For the Post-processing method, the improvement with MGDA aggregation is not significant. This is most likely due to the fact that the optimization parameter is a low-dimensional (<10) vector, which reduces the impact of gradient conflicts, and the post-processing errors are primarily introduced by the sample size rather than optimization, as analyzed in the original paper.
These findings provide additional support for our previous analysis in rebuttal: Our framework emphasizes group-fairness calibration without relying on specific aggregation schemes, making it compatible to aggregation methods that reduce the impact of gradient conflicts, while our proposed learning objective inherently harmonizes the conflicts caused by optimizing both global and local fairness.
[1] Federated Multi-Objective Learning, NeurIPS 2023.
Thank you for the detailed response. I look forward to the edits in the revised paper.
Dear reviewer eRHZ,
Sincere appreciation for your valuable feedback! It has greatly contributed to enhancing the quality of our work. As you suggested, we will make sure to incorporate the corresponding discussion and experiments in the revised manuscript, in accordance with the above content about experiments in the multi-class setting, the discussion on gradient conflicts, and the confidence intervals in the experiments.
Thank you once again for your constructive review and support.
This paper presents a novel controllable federated group-fairness calibration framework called FedFACT. It identifies the Bayes-optimal classifiers under both global and local fairness constraints in multi-class case.
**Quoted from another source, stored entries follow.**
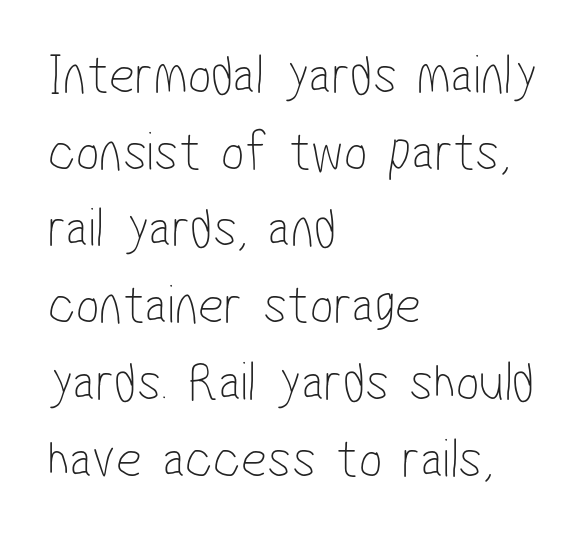
{"serif": "no", "bold": "no", "weight": "thin", "width": "condensed", "stroke_contrast": "low", "x_height": "medium", "monospaced": "no", "underline": "no", "align": "left", "line_spacing": "normal", "line_spacing_ratio": 1.37, "letter_spacing": "normal", "letter_spacing_em": 0.0, "glyph_px": 56}
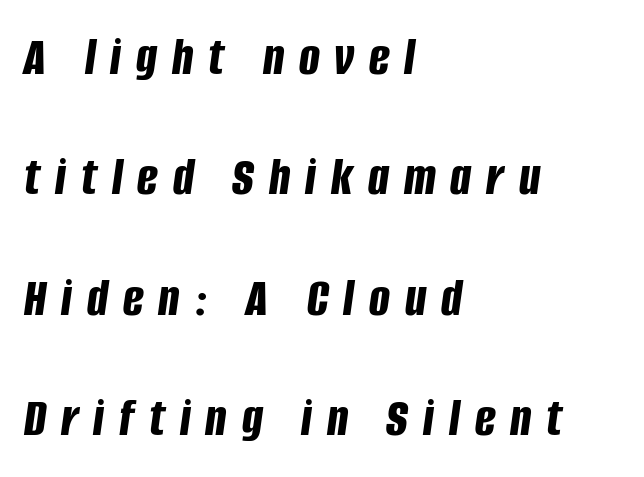
{"italic": "yes", "lean": "right", "slant_degrees": 8, "bold": "yes", "weight": "bold", "width": "condensed", "stroke_contrast": "low", "x_height": "large", "monospaced": "no", "underline": "no", "align": "left", "line_spacing": "loose", "line_spacing_ratio": 2.19, "letter_spacing": "wide", "letter_spacing_em": 0.27, "glyph_px": 55}
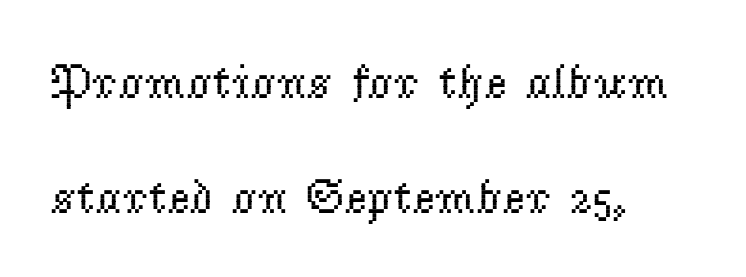
Stems and bowls with no extra thickness — not bold. This block would shrink considerably if given ordinary leading; it's expanded now. The space directly below the letters is spotless. Note the varied advance widths — an 'i' is clearly narrower than an 'm'. Vertical strokes here are truly vertical.
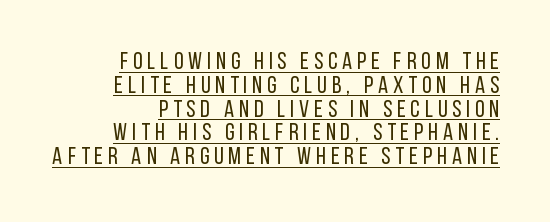
The lines are packed closely together with very little leading. Posture: vertical. Compared with a flush-left layout, this one pins lines to the opposite, right side. Check the space under the baseline: a stroke is drawn there.
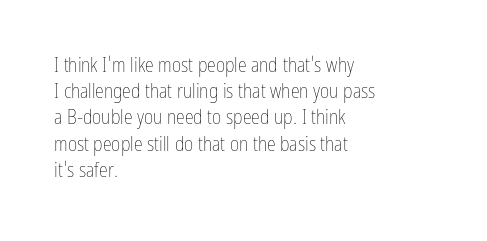
The image shows 20 px text type, upright; set left-aligned, normal line spacing (1.31x), normal letter spacing, not underlined.
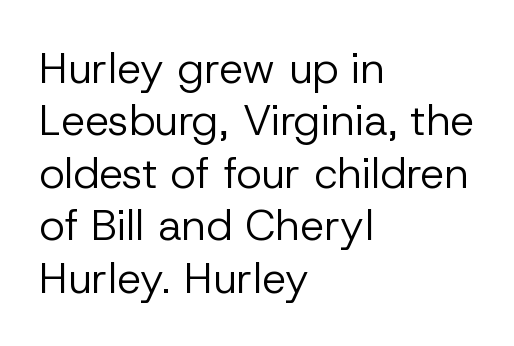
{"serif": "no", "italic": "no", "bold": "no", "weight": "regular", "width": "normal", "stroke_contrast": "low", "x_height": "medium", "monospaced": "no", "underline": "no", "align": "left", "line_spacing_ratio": 1.22, "letter_spacing": "normal", "letter_spacing_em": 0.0, "glyph_px": 43}
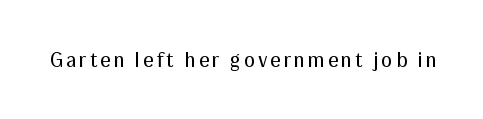
Q: Is the text bold? A: No.
Q: Is the text italic (slanted)? A: No, it is upright.
Q: Is the text underlined? A: No.
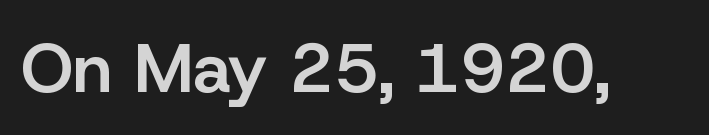
{"serif": "no", "italic": "no", "bold": "semi", "weight": "semibold", "width": "normal", "stroke_contrast": "low", "x_height": "medium", "monospaced": "no", "underline": "no", "letter_spacing": "normal", "letter_spacing_em": 0.0, "glyph_px": 69}
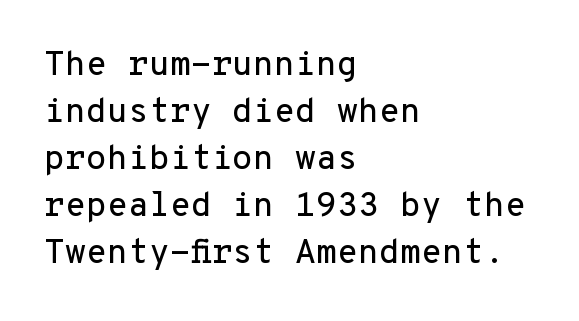
{"serif": "no", "italic": "no", "width": "normal", "stroke_contrast": "low", "x_height": "medium", "monospaced": "yes", "underline": "no", "align": "left", "line_spacing": "normal", "line_spacing_ratio": 1.38, "letter_spacing": "normal", "letter_spacing_em": 0.0, "glyph_px": 34}
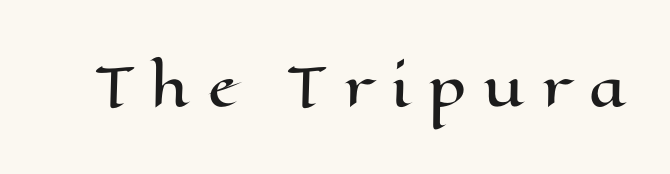
Q: Is the text italic (slanted)? A: No, it is upright.
Q: Is the text underlined? A: No.
Q: Is the spacing between letters normal or unusually wide? A: Unusually wide.
Q: Width (condensed, normal, or wide)? A: Wide.
Q: Stroke contrast? A: High.
Q: x-height? A: Medium.
Q: Monospaced? A: No.
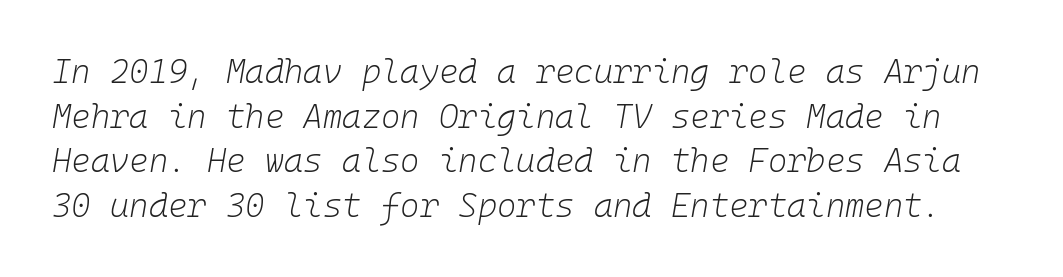
{"italic": "yes", "lean": "right", "slant_degrees": 10, "bold": "no", "weight": "light", "width": "normal", "stroke_contrast": "low", "x_height": "medium", "monospaced": "yes", "underline": "no", "line_spacing": "normal", "line_spacing_ratio": 1.35, "letter_spacing": "normal", "letter_spacing_em": 0.0, "glyph_px": 33}
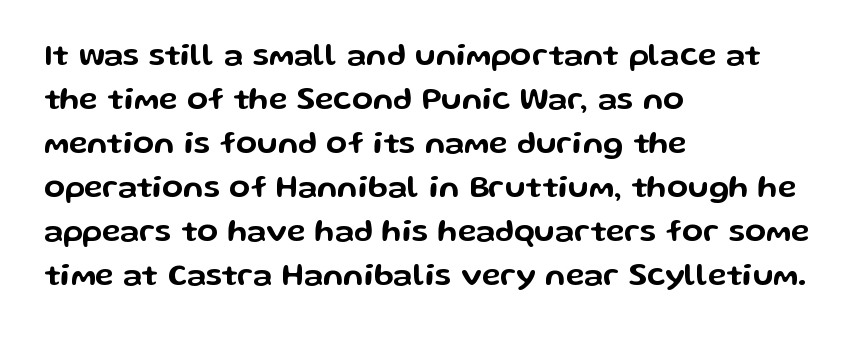
Caption: standard tracking, unaltered. Interline gaps are of average width in this sample. Nope, not italic — everything's standing straight. A sans-serif font was chosen for this passage. The lines in this sample share a left origin and differ only in where they stop.
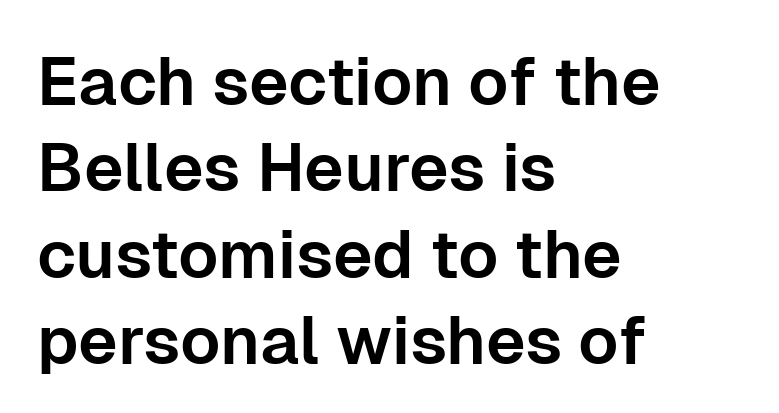
Compared with typical body copy, the letter spacing here is the same. If you measured baseline to baseline, you'd find a middling distance. The letters advance in unequal steps, a hallmark of proportional type. Do the letters lean? They stand straight.
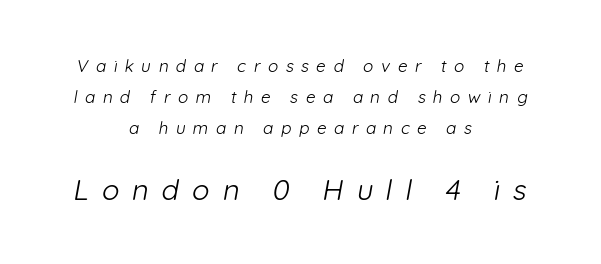
Q: Is the text bold? A: No.
Q: Is the typeface a serif or a sans-serif typeface? A: Sans-serif.
Q: Is the text underlined? A: No.
Q: How is the paragraph aligned? A: Centered.
Q: Is the spacing between letters normal or unusually wide? A: Unusually wide.
Q: Which block of text is set in a larger size, the first (top) or the second (bottom)? A: The second (bottom) one.
Q: Width (condensed, normal, or wide)? A: Normal.
Q: Stroke contrast? A: Low.
Q: x-height? A: Medium.
Q: Monospaced? A: No.
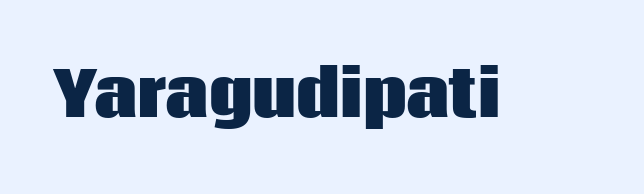
The image shows 61 px heavy sans-serif type, upright; set normal letter spacing, not underlined; low stroke contrast and a large x-height.
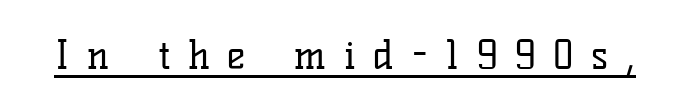
Q: Is the text bold? A: No.
Q: Is the text italic (slanted)? A: No, it is upright.
Q: Is the typeface a serif or a sans-serif typeface? A: Serif.
Q: Is the text underlined? A: Yes.
Q: Is the spacing between letters normal or unusually wide? A: Unusually wide.
Q: Width (condensed, normal, or wide)? A: Normal.
Q: Stroke contrast? A: Low.
Q: x-height? A: Medium.
Q: Monospaced? A: No.
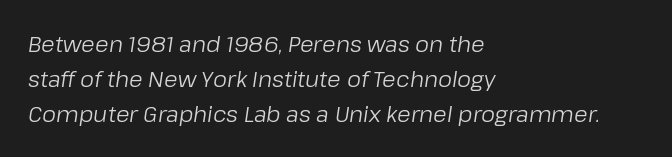
The image shows 22 px text type, italic (leaning right); set left-aligned, normal line spacing (1.59x), normal letter spacing, not underlined.
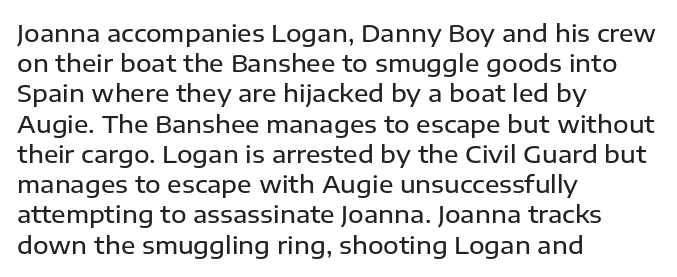
These lines are set flush left with a ragged right edge. Reading down the column, the eye jumps a familiar distance to each next line. The face used here is a semibold: visibly heavier than regular, lighter than bold. The specimen omits any rule beneath the text block's lines. Spacing between characters is what you'd get straight out of the box.
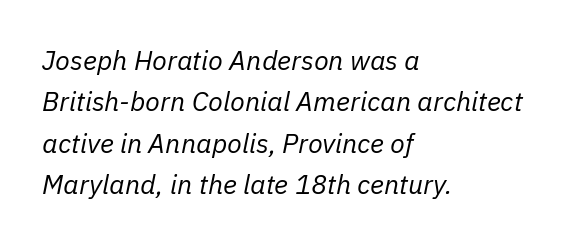
Q: Is the text bold? A: No.
Q: Is the text italic (slanted)? A: Yes, it leans right by about 11 degrees.
Q: Is the text underlined? A: No.
Q: How is the paragraph aligned? A: Left-aligned.
Q: Is the spacing between letters normal or unusually wide? A: Normal.
Q: Is the spacing between lines tight, normal or loose? A: Normal.

It balances fairness and accuracy by reformulating fair federated leanring as personalized cost-sensitive learning problem for in-processing, and bi-level optimization for post-processing. Convergence and generalization guarantees for FedFACT are developed. Extensive experimental results show that FedFACT consistently outperforms baselines in balancing accuracy and global-local fairness.
Overall, the work is solid and carries substantial merits. All reviewers are on the positive side. I agree with their assessments.
A few issues are raised in the reviews, and authors are encouraged to address them in the final version. In particular, authors are encouraged to improve the readability of certain sections, and discuss possible adaptions of related works on binary classification to the multi-class setting studied in this paper (e.g. what are the challenges, how would the adapted results compare to the present results). It would also be nice to discuss possible integrations of the proposed global fairness and local fairness solutions.